Member of the Philippine House of Representatives from Pasay
- In office June 30, 2010 – June 30, 2019
- Preceded by: Jose Antonio Roxas
- Succeeded by: Antonino Calixto

Member of the Pasay City Council
- In office June 30, 2007 – June 30, 2010
- In office June 30, 1998 – June 30, 2004

Personal details
- Born: Imelda Gallardo Calixto August 16, 1960 (age 65) Pasay, Rizal, Philippines
- Party: PFP (2023–present)
- Other political affiliations: PDP–Laban (2017–2023) Liberal (2009–2017) LDP (2000–2009) LAMMP (1997–2000)
- Spouse: Edgardo Rubiano ​(m. 1982)​
- Children: 3
- Alma mater: University of Santo Tomas (BA)

= Emi Rubiano =

Filipino politician (born 1960)

Imelda Gallardo Calixto-Rubiano (born August 16, 1960), known as Emi Rubiano, is a Filipino businesswoman and politician currently serving as mayor of Pasay since 2019. She previously served as a member of the House of Representatives for the lone district of Pasay from 2010 until 2019, and city councilor from 1998 until 2004, and again from 2007 until 2010.

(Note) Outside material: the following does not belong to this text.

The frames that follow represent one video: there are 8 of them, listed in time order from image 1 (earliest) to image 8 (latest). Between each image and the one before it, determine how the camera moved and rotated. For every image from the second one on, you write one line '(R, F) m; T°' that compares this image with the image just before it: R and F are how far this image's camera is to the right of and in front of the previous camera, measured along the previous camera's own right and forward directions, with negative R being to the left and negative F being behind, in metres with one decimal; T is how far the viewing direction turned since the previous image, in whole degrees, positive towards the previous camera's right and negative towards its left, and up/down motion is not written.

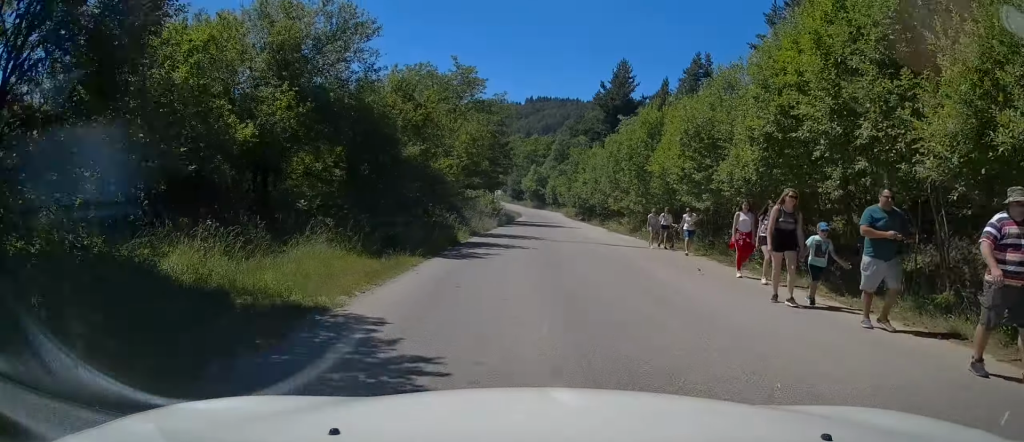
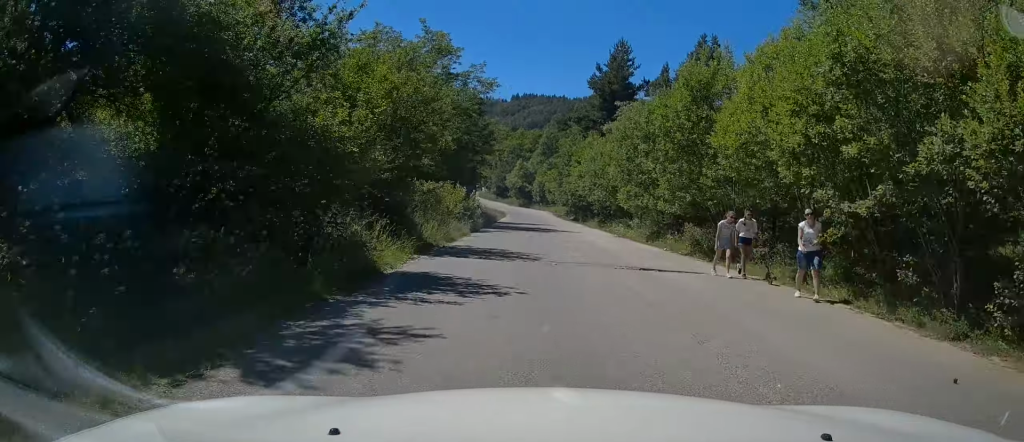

Rubiano is the daughter of former OIC-Mayor of Pasay, Eduardo Calixto, sister of former mayor and incumbent congressman Antonino Calixto, mother of Second District Councilor Luigi Rubiano, and aunt of Vice Mayor Mark Anthony Calixto.

==Early life and education==
Imelda Calixto was born on August 16, 1960, in Pasay City as the youngest of the five children of Eduardo Calixto and Leonora Gallardo Calixto. She was educated at the Malate Catholic School at primary and secondary level and obtained her Bachelor of Arts degree in Behavioral Science at the University of Santo Tomas in 1982. She took up Fashion Designing at the International School of Fashion in Greenhills, San Juan and the Office Procedure Course at the Cora Doloroso Career Centre. After graduation, she got involved in her father's business that was involved in marine engineering, pier construction, marine pipe-laying and marine salvaging. She was involved as well as in her own family business which was manufacturing clothes, multi-level marketing and jewelry.

==Career==
In 1986, Calixto-Rubiano became a private secretary to her father, Eduardo Calixto, during his term as Officer-in-Charge Mayor of Pasay. She became city councilor for second district of Pasay from 1998 until 2004 and again from 2007 until 2010. During her term as councilor, she made various projects, including feeding programs, free medical and dental check-up, and others.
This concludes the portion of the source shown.